D2OL is a client application that models potential drug molecules attacking disease-causing germs. When installed on a PC, the D2OL runs in the system tray, and sends results back to D2OL when an Internet link is established. Sengent's Drug Design and Optimization Lab was successfully deployed in 2001 to combat the threat of biological weapons through a worldwide volunteer community. More than 25.000 users downloaded Sengent's CommunityOS software application, which enabled them to contribute the idle time available on their computers to participate in the drug discovery efforts of the nation's scientific research community.
The CommunityOS software framework leverages grid to locate idle computing resources and services, and organise them into a Service Grid. Sengent's framework represents a quick and efficient path to integrate new and existing Web-based applications with legacy systems regardless of platform or development language. A security model is woven throughout the entire framework that provides enterprise-strength authentication and authorisation capabilities while localising policy management and streamlining system administration.
The D2OL programme is similar to other distributed computing projects, the most famous one being the search interstellar radio waves for signs of intelligent life, the SETI@home or Search for Extra-Terrestrial Intelligence project. D2OL began life as a bid to harness distributed computing for diseases such as anthrax, ebola and smallpox. SARS has just been added to the list. CommunityOS ties thousands of computers into a single machine able to rival or beat with more volunteers the world's largest supercomputers. D2OL is the software programme that is downloaded to the computer and used to evaluate drug candidates for SARS.

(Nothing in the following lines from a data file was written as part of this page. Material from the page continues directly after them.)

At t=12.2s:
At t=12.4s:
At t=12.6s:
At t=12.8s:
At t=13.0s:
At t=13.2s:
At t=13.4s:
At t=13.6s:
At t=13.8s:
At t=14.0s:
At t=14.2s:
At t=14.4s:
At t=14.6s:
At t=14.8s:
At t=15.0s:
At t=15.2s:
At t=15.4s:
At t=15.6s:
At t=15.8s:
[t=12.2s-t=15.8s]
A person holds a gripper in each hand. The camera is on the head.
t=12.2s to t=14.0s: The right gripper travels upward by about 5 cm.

When the project comes up with a promising lead, collaborating scientists in Shanghai take the molecules into the lab for testing. Researchers there use petri dishes to grow samples of the SARS virus that were taken from patients. Many people who had volunteered their computers to find a treatment for tubular sclerosis have temporarily switched to supporting the SARS effort, according to Tian Xu. Tian Xu, a professor of genetics at Yale University as well as a scientific adviser at the Rothberg Institute, is also a visiting professor at the Fudan University in Shanghai, where the research is going on.

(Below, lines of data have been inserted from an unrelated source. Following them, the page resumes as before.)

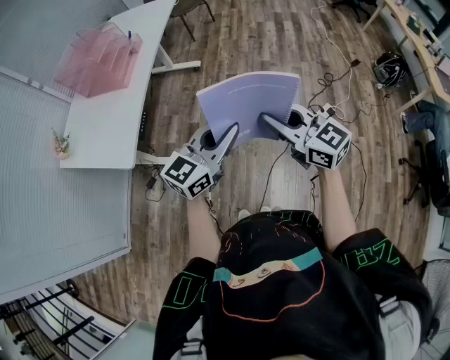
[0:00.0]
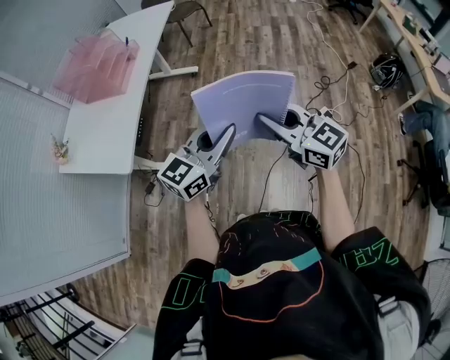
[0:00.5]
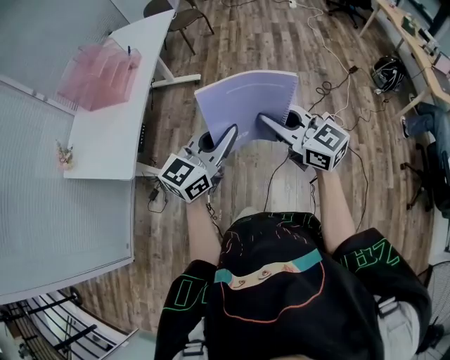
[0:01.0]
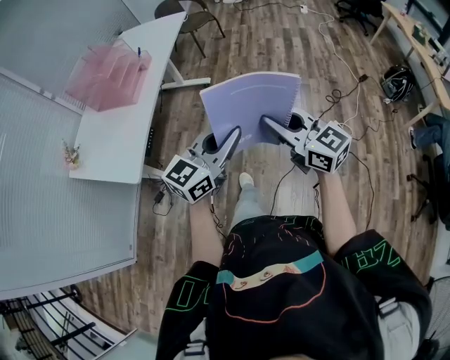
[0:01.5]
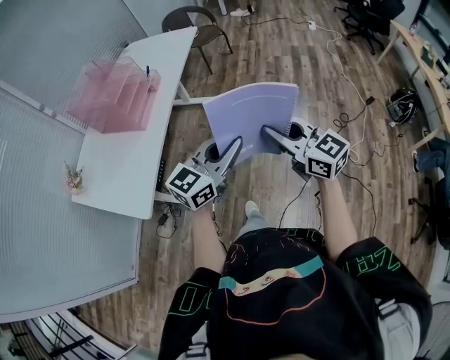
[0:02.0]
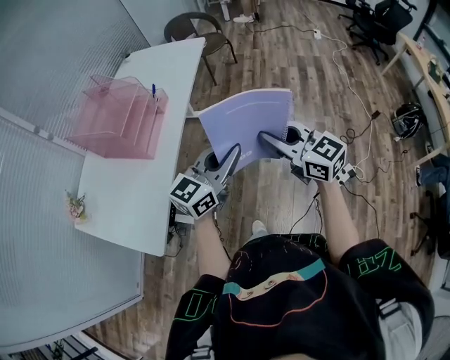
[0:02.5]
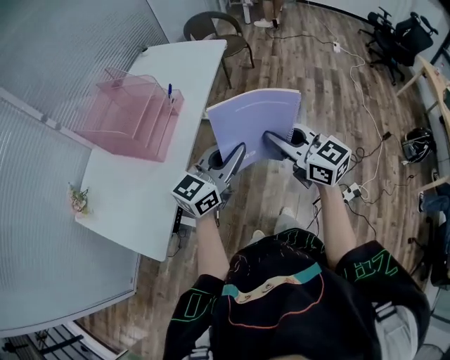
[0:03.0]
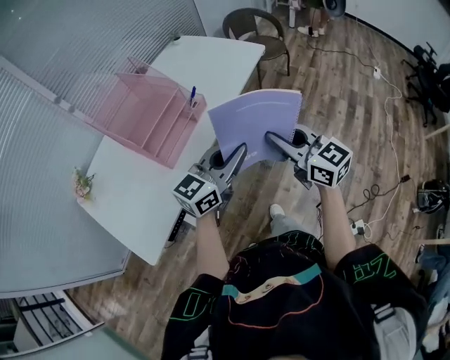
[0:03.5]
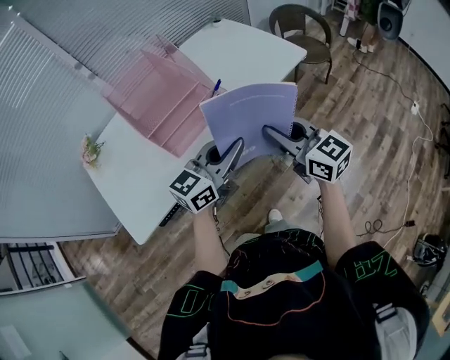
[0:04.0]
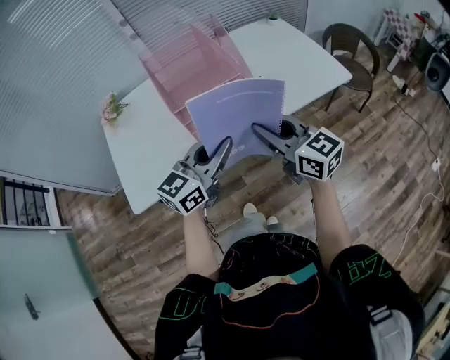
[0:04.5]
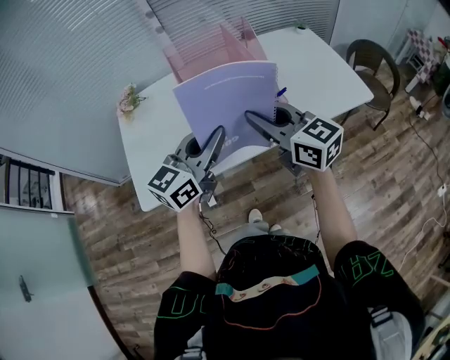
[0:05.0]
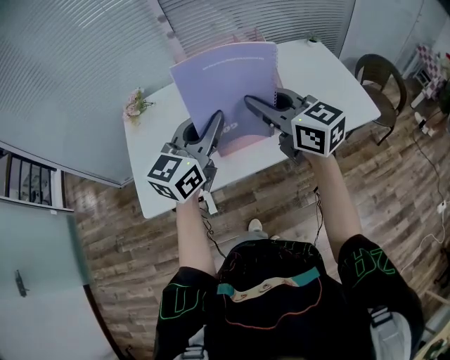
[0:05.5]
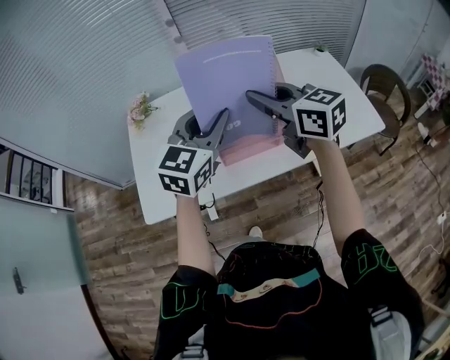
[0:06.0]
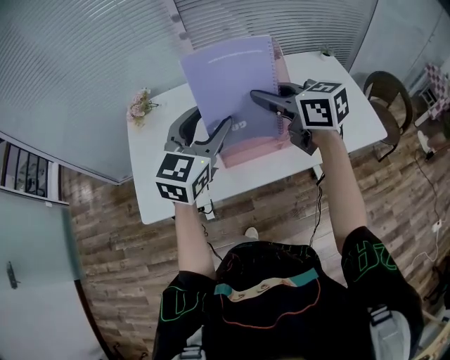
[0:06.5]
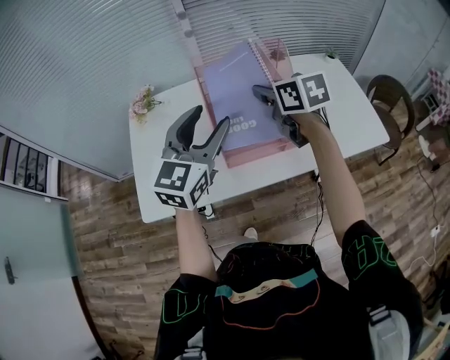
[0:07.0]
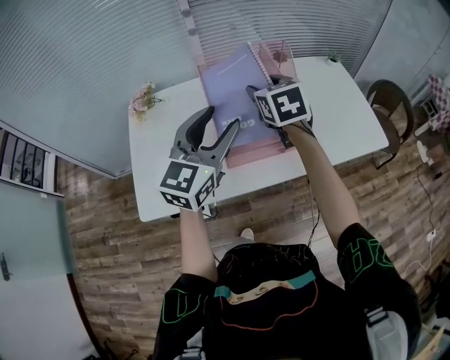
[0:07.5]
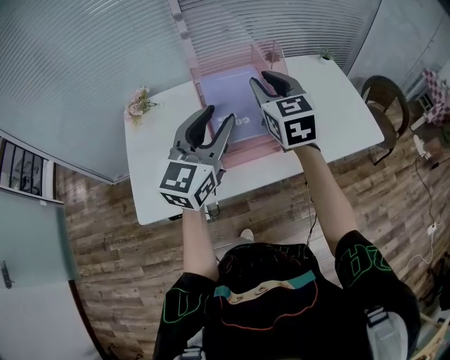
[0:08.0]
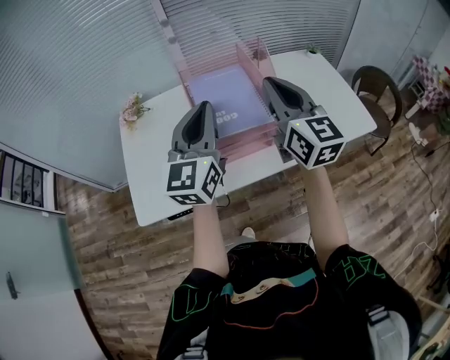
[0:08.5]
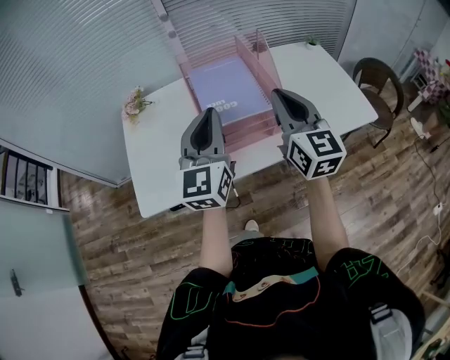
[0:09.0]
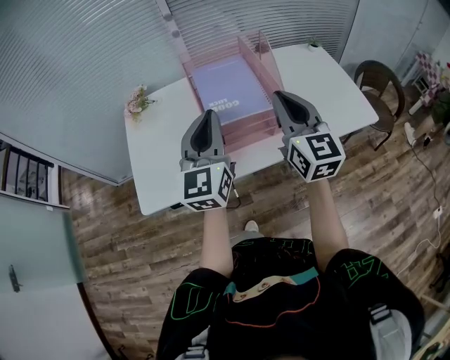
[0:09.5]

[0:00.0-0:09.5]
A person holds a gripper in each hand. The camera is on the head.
0:00.0 to 0:02.0: The two grippers go roughly 15 cm forward.
0:02.0 to 0:04.0: The two grippers travel together, roughly 40 cm. The left gripper rotates about 40 degrees. The right gripper swivels about 30 degrees.
0:04.0 to 0:05.5: The left gripper moves some 25 cm, and changes its angle by some 40 degrees. The right gripper changes place by some 25 cm, and changes its angle by approximately 30 degrees.
0:05.5 to 0:07.5: The right gripper heads forward and downward, covering some 15 cm, changes its angle by roughly 40 degrees, and opens its fingers. Meanwhile the left gripper opens its fingers.
0:07.5 to 0:09.5: The left gripper closes its fingers. Meanwhile the right gripper moves backward and to the right, roughly 20 cm, tilts its fingers about 30 degrees upward, and closes.

"It is absolutely essential that we test our compounds against varieties of SARS that can cause disease in patients", stated Bonnie Gould Rothberg, medical director of the Rothberg Institute for Childhood Diseases. "Our collaboration with the Fudan University will allow us to accomplish this goal." Professor Xu is working with the Fudan researchers to test potential SARS treatments, including drugs that are already approved for other diseases as well as Chinese herbs.

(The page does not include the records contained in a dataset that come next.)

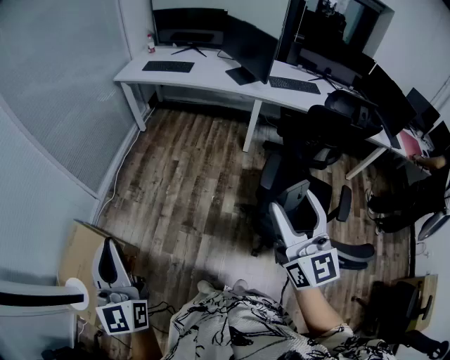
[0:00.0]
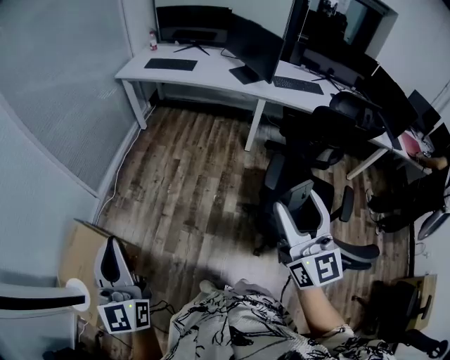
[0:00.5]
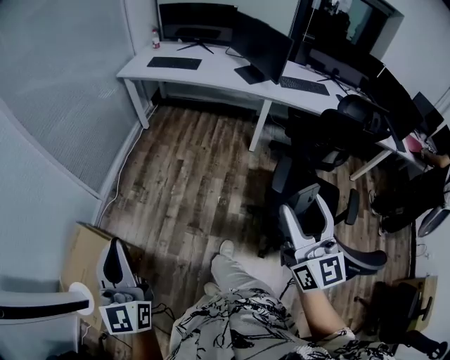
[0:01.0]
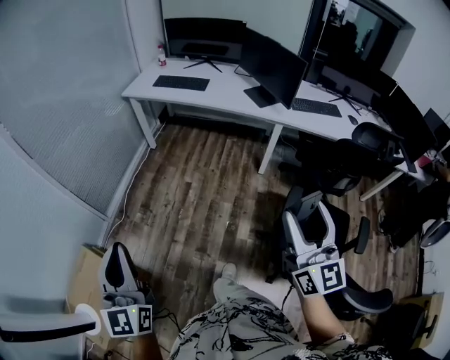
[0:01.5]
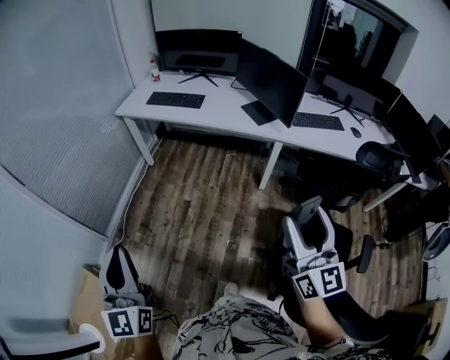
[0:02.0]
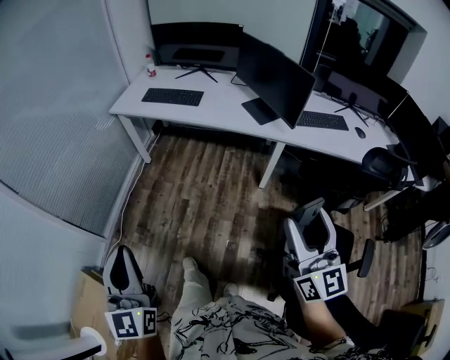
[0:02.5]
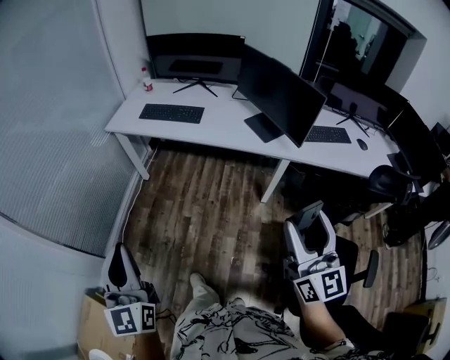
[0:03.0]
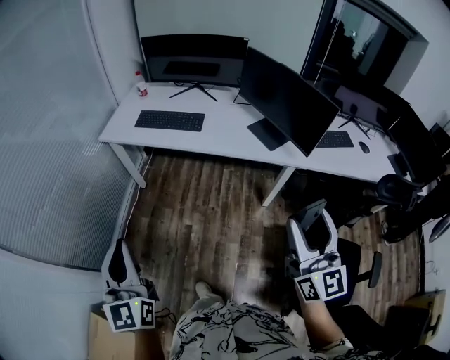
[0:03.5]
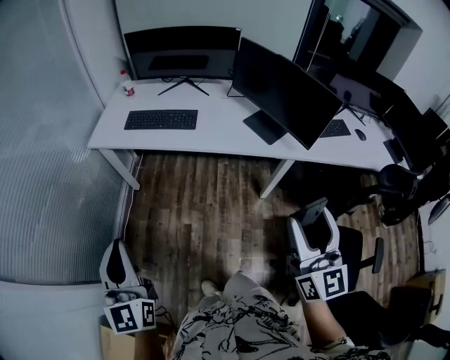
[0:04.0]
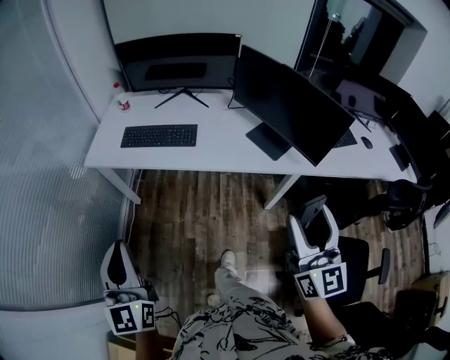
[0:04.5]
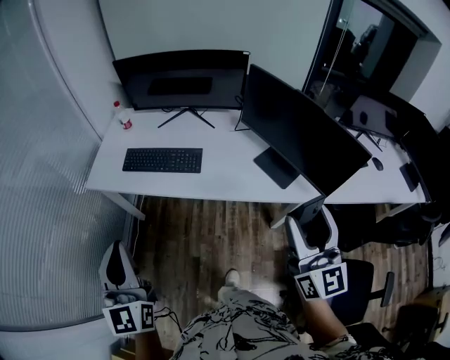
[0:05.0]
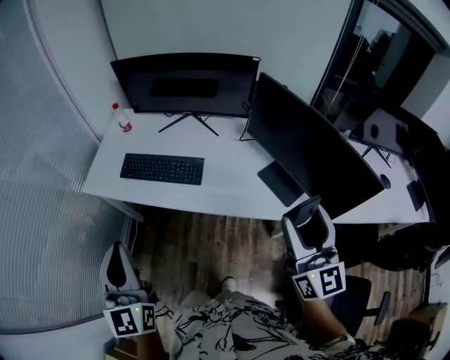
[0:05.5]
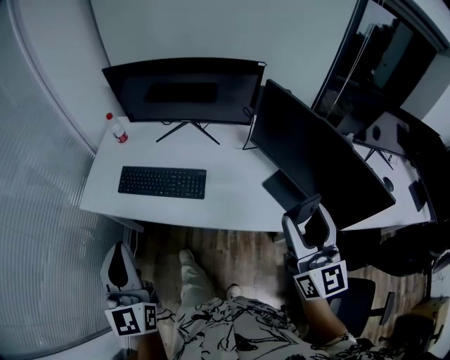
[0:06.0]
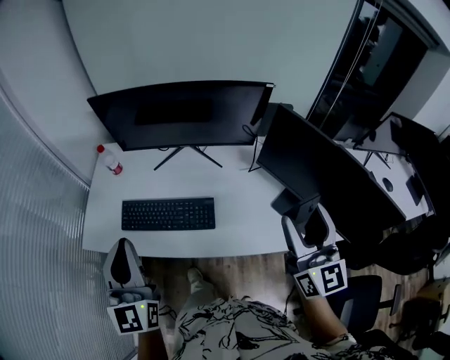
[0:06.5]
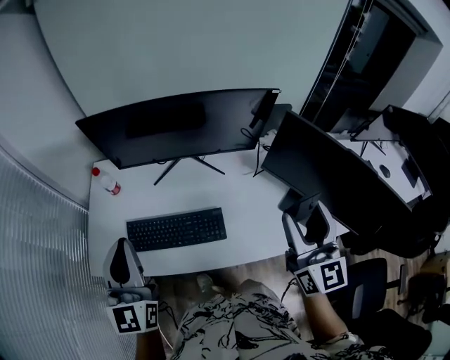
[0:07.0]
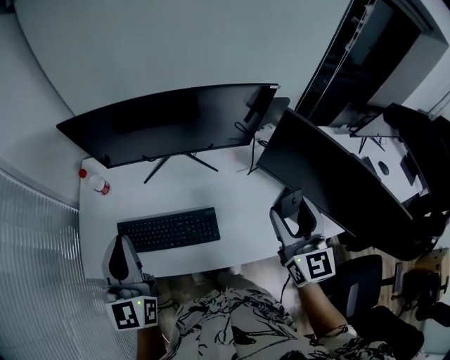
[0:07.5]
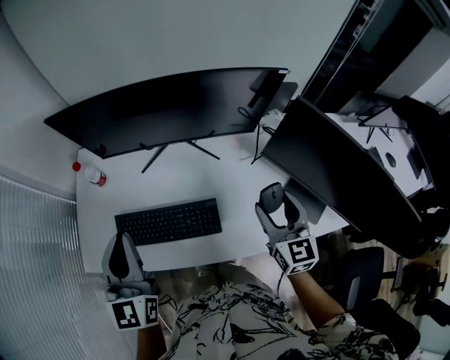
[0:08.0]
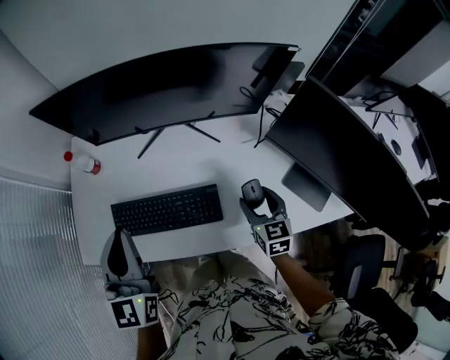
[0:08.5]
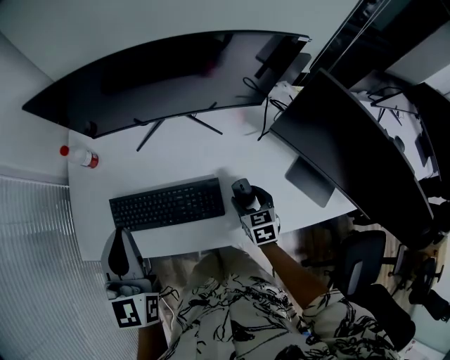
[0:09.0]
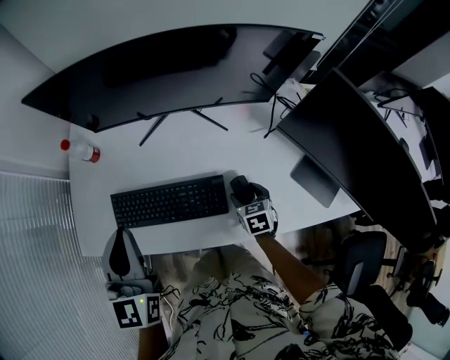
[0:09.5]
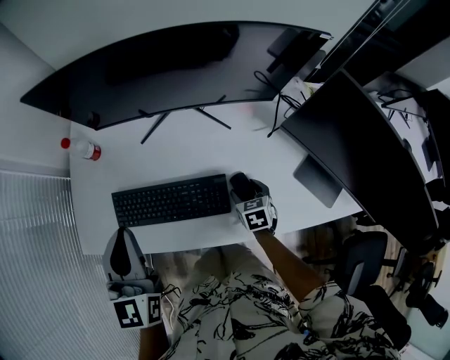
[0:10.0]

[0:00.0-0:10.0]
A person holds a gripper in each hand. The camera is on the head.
0:00.0 to 0:02.0: The two grippers go roughly 30 cm forward.
0:02.0 to 0:04.0: Both grippers move forward, roughly 35 cm.
0:04.0 to 0:06.0: Both grippers travel together forward, about 40 cm.
0:06.0 to 0:08.0: The left gripper shifts some 30 cm forward; the right gripper is displaced forward and downward by approximately 30 cm, and turns by some 30 degrees.
0:08.0 to 0:10.0: The right gripper heads downward, covering about 30 cm, and angles its fingers downward, by approximately 40 degrees, while the left gripper goes about 5 cm downward.

The D2OL project hasn't come up with any leads yet, but the professor said many molecules remain to be tested. "We need to screen many more compounds in order to find an effective one", noted Tian Xu. "We would like to screen 1 million compounds." After promising compounds are pinpointed, they'll be ranked in order of how likely they are to work, and the Shanghai researchers will test them in that order.
A previously unrecognised coronavirus has been detected in patients with SARS. While the new coronavirus is the leading hypothesis for the cause of SARS, other viruses are still under investigation as potential causes. Coronaviruses are a group of viruses that have a halo or crown-like (corona) appearance when viewed under a microscope. These viruses are a common cause of mild to moderate upper-respiratory illness in humans and are associated with respiratory, gastro-intestinal, liver and neurologic disease in animals. Coronaviruses can survive in the environment for as long as three hours.
The new virus diverges by 50 to 60 percent from the three known groups of coronavirus. Because of the variation between coronavirus, scientists working with D2OL have selected a coronavirus protein target that has high conservation between human and animal strains. Three-dimensional structure is actually more resistant to change than primary "sequence", and hence "SARS Target 1" is expected to have the same functionality and active site across all strains, and potentially allow for selection of compounds with broad activity against all coronavirus strains.
Several treatment regimens have been used for patients with SARS, but there is insufficient information at this time to determine if they have had a beneficial effect. D2OL's target is also believed to be critical in the life cycle of the coronavirus and drugs selected against it are expected to be viralcydal.